5 novembre 2024 par Olivier Petitjean (Observatoire des multinationales)
Des entreprises françaises, y compris publiques, ont versé en tout plusieurs centaines de milliers de dollars au profit des campagnes électorales de plusieurs candidats républicains de l’aile la plus extrémiste et conservatrice du parti.
Publié dans Démocratie
- Temps de lecture :10 minutes
Cet article est publié dans le cadre de notre partenariat avec Observatoire des multinationales.
L’élection de ce 5 novembre aux États-Unis décidera non seulement du nom du prochain locataire de la Maison Blanche, mais également de la majorité au Sénat et à la Chambre des représentants.
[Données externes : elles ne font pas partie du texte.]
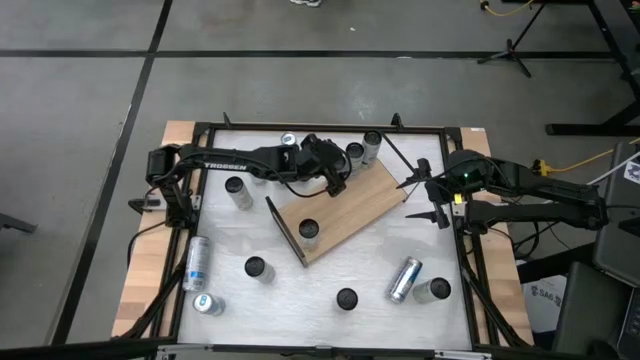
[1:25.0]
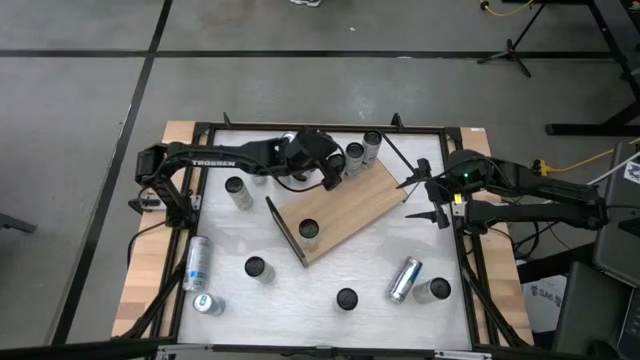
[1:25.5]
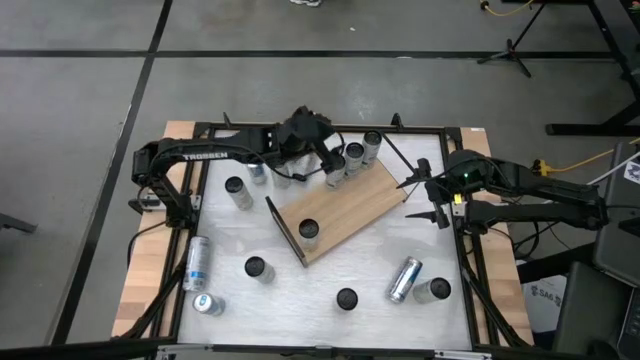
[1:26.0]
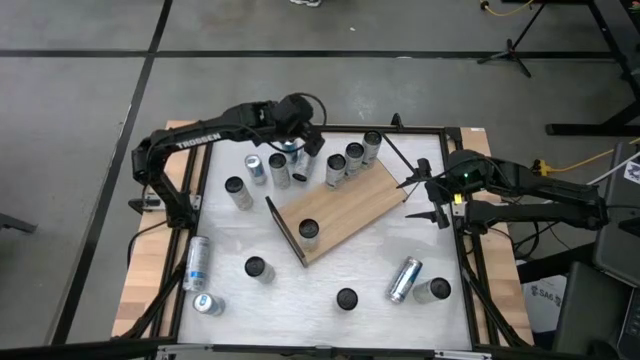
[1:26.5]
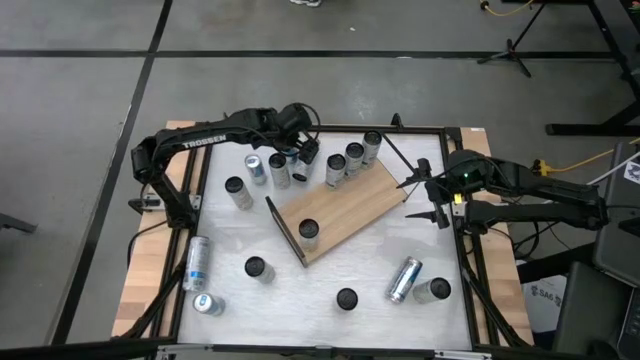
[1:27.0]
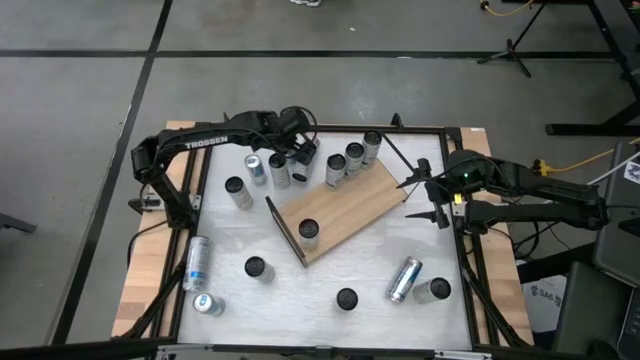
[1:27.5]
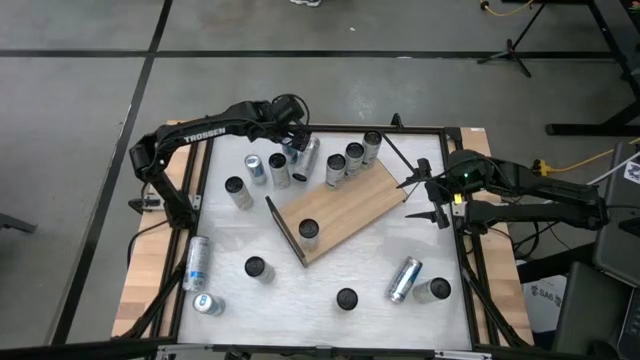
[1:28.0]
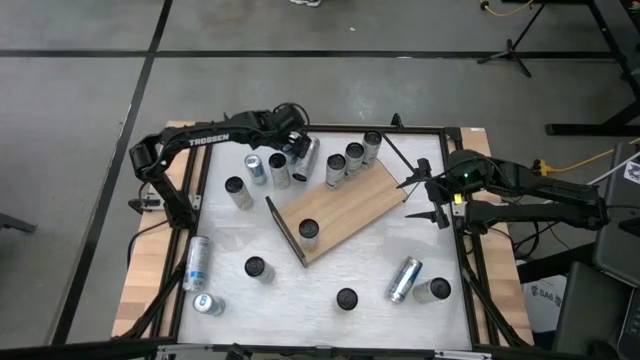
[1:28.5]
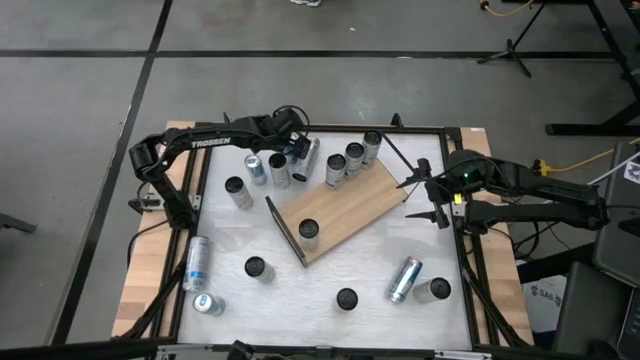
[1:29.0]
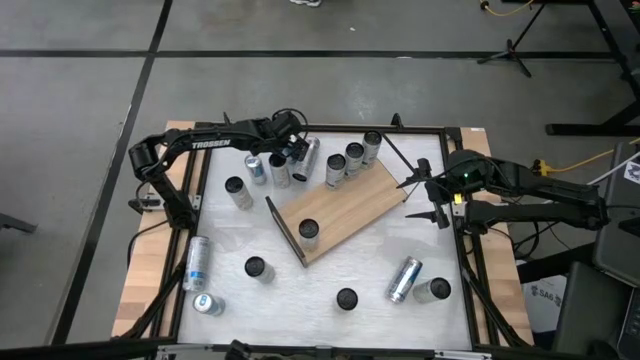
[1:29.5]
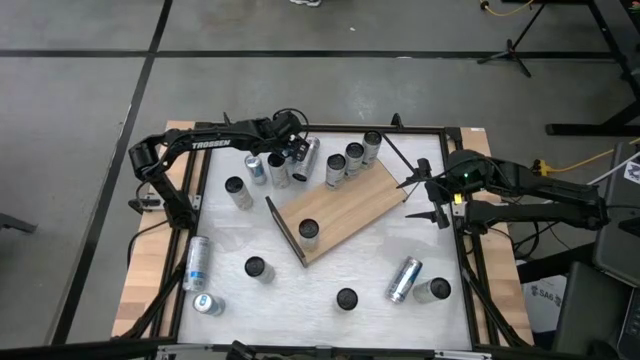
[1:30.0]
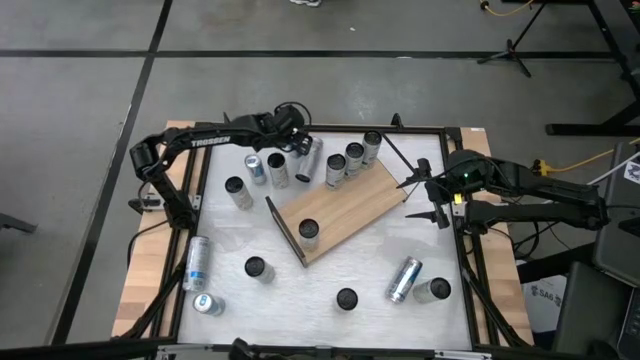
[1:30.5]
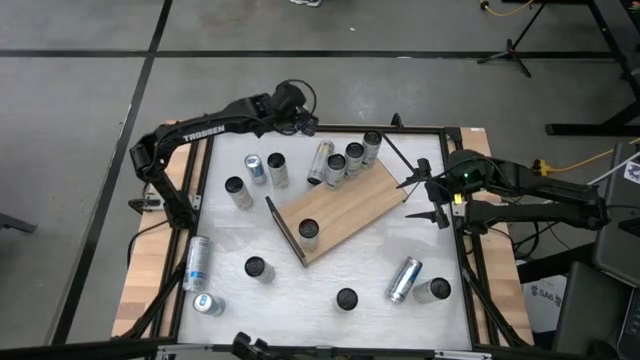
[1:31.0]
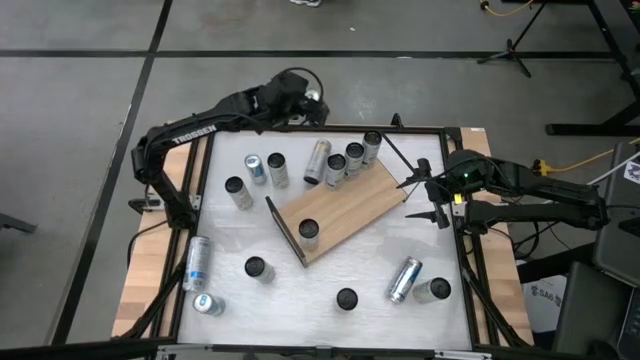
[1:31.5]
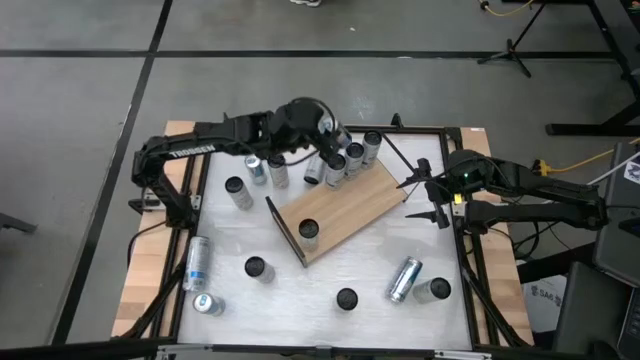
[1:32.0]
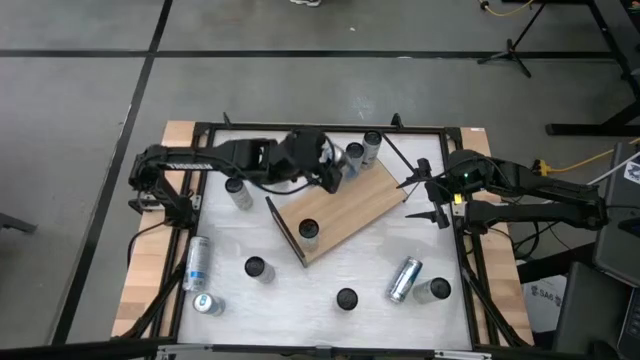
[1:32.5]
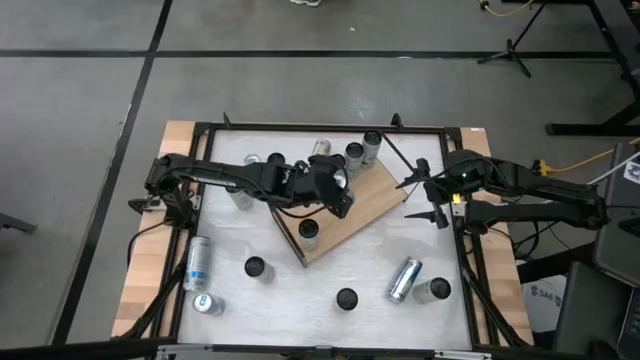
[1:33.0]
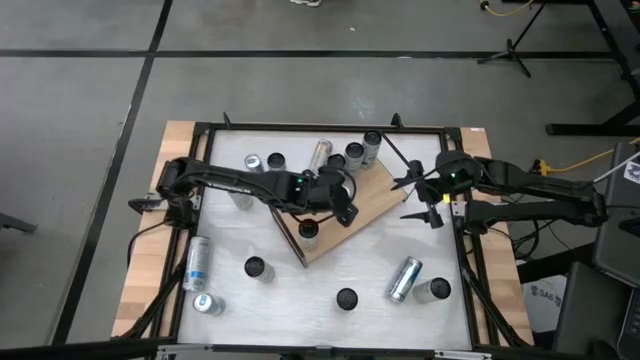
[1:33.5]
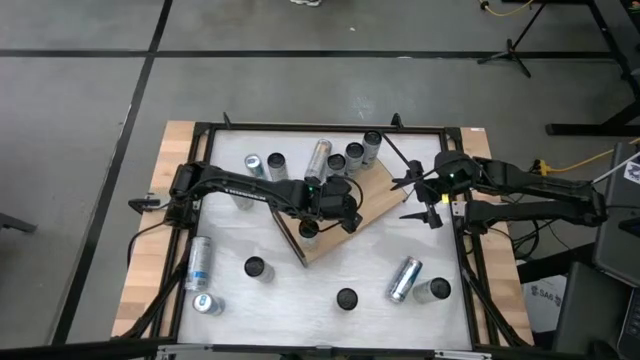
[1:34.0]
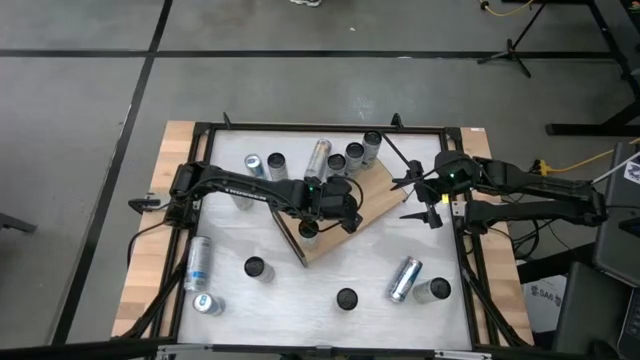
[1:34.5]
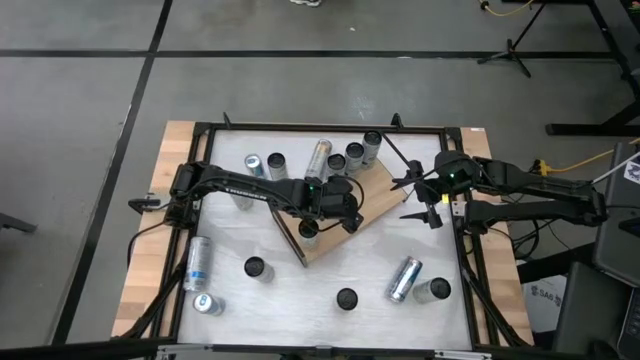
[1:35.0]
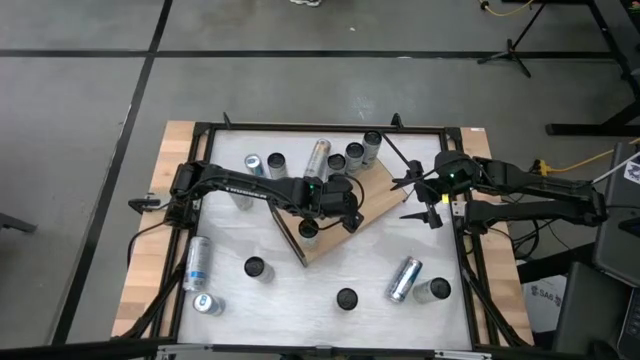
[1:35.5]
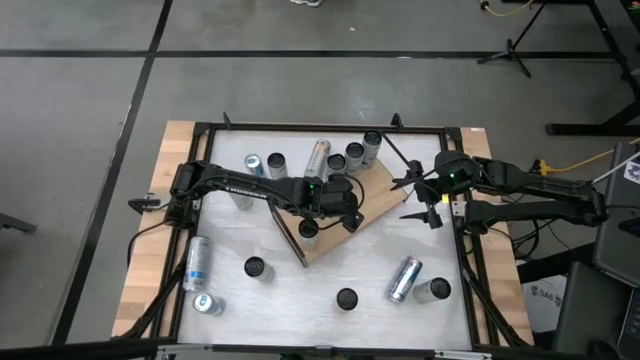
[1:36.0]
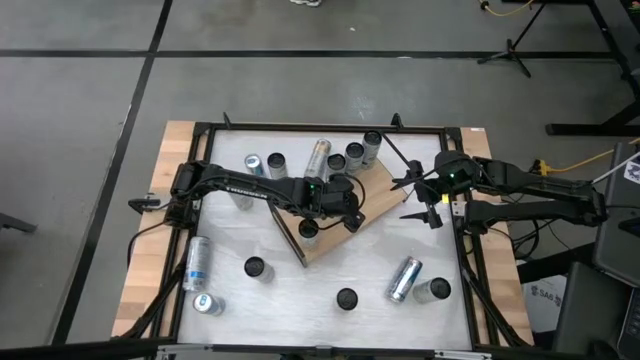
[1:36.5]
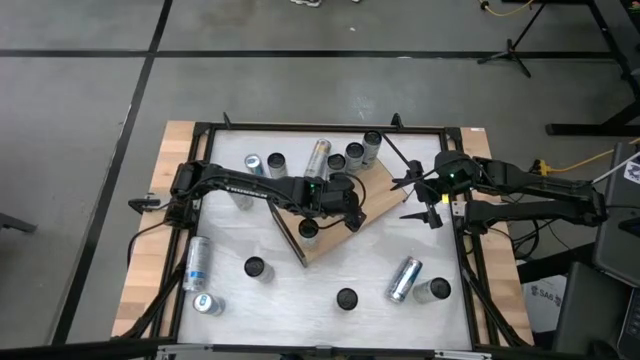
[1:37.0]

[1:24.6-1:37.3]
Task: Place canned beverage on shelf
Put the blue soda can on the shelf

La campagne qui s’achève a été ponctuée par les surenchères de Donald Trump dans les discours ouvertement racistes et misogynes et par des appels plus ou moins feutrés à la violence politique pour intimider ses adversaires, réveillant le spectre de l’attaque du Capitole du 6 janvier 2020 par des partisans de l’ancien président. La campagne a aussi été marquée par l’acceptation croissante de ce type de discours, désormais considérés et traités comme « normaux » par une partie importante des médias et de la population américaine.
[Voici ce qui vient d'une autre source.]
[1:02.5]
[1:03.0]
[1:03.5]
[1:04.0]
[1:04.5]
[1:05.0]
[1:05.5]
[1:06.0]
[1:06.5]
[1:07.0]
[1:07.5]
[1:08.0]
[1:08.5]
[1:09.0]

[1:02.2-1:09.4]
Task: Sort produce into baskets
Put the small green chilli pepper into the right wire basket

L’attitude des milieux d’affaires reflète cette normalisation. Si une bonne partie de l’élite économique avait parié sur Hillary Clinton plutôt que sur Donald Trump en 2016, elle a très bien su s’accommoder de la politique mise en œuvre par ce dernier, notamment en matière de baisse des impôts. À l’inverse, les mesures prises par l’administration de Joe Biden pour tenter de rééquilibrer quelque peu le partage des richesses dans le pays, et sa position plus agressive en matière de lutte contre les monopoles dans le numérique et au-delà, n’ont pas été à leur goût.
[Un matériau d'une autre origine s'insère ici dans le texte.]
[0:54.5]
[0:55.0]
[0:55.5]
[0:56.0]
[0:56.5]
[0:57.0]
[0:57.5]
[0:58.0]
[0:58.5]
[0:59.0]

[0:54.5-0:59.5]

Financer les projets de dérégulation radicale
Si tous les soutiens traditionnels du Parti démocrate n’ont pas été jusqu’à choisir ouvertement Trump, ils se sont largement détournés de Joe Biden, et son remplacement par Kamala Harris n’a que partiellement changé la situation. Les appuis de cette dernière, comme le milliardaire Mark Cuban, poussent à ce qu’elle revienne sur un positionnement plus centriste et « pro-business », avec pour risque d’aliéner une partie de l’électorat démocrate de gauche comme cela avait été le cas en 2016. Une bonne partie de l’establishment économique semble adopter une position de prudence et d’expectative, mettant sur le même plan les deux candidats. En témoigne la décision de Jeff Bezos, ancien patron d’Amazon, d’empêcher le Washington Post, dont il est aujourd’hui propriétaire, de soutenir officiellement la candidature de Kamala Harris, comme sa rédaction s’apprêtait à le faire.
Cette tiédeur ne donne que davantage de relief à l’activisme de certains soutiens de Donald Trump, à commencer par Elon Musk, le patron de Tesla, SpaceX et X (ex-Twitter). En plus de mener ouvertement campagne en personne, le milliardaire finance les équipes de Donald Trump et des groupes menant des campagnes de désinformation dans les États clés du scrutin. En cas de succès du candidat républicain, Musk doit présider une commission chargée de rendre le gouvernement fédéral plus « efficient » – autrement dit d’effectuer des coupes claires dans les ministères et les agences et dans les régulations qu’elles sont chargées d’appliquer. Il aurait ainsi sous sa coupe des autorités publiques dont dépendent la fortune de ses entreprises (comme la Nasa pour Space X) et d’autres avec lesquelles il est actuellement en conflit [1]. Ce projet de dérégulation radicale rejoint celui qui est formulé dans le « Project 2025 » de la Heritage Foundation, membre du réseau Atlas, qui se veut le programme politique d’une future administration Trump.
Sanofi pro-Républicains
Comme l’Observatoire des multinationales l’avait fait lors de scrutins précédents, nous nous sommes penchés sur les financements politiques des filiales de groupes français aux États-Unis, sur la base des données compilées par OpenSecrets [2]. Les sommes des groupes français en jeu sont évidemment plutôt modestes par rapport à celles qui ont été débloquées par les géants américains comme ExxonMobil ou Alphabet, la maison mère de Google. Il n’en reste pas moins que, même en se concentrant sur l’argent transitant par les « political action committees » (PACs), des entreprises françaises ont bien versé de l’argent à des candidats au Sénat ou à la Chambre des représentants, en privilégiant souvent le camp républicain.
Dans de nombreux cas, ces financements ont même été destinés à des hommes ou femmes politiques de la faction la plus extrémiste du Parti républicain, qui contestent encore aujourd’hui la légitimité du scrutin de 2020 et ont refusé d’en entériner officiellement les résultats. Alors que tout porte à croire que Donald Trump et ses partisans contesteront leur défaite si Kamala Harris était déclarée gagnante après le 5 novembre, ces candidats pourraient être amenés à jouer un rôle clé dans le sort de la démocratie américaine au cours des prochaines semaines.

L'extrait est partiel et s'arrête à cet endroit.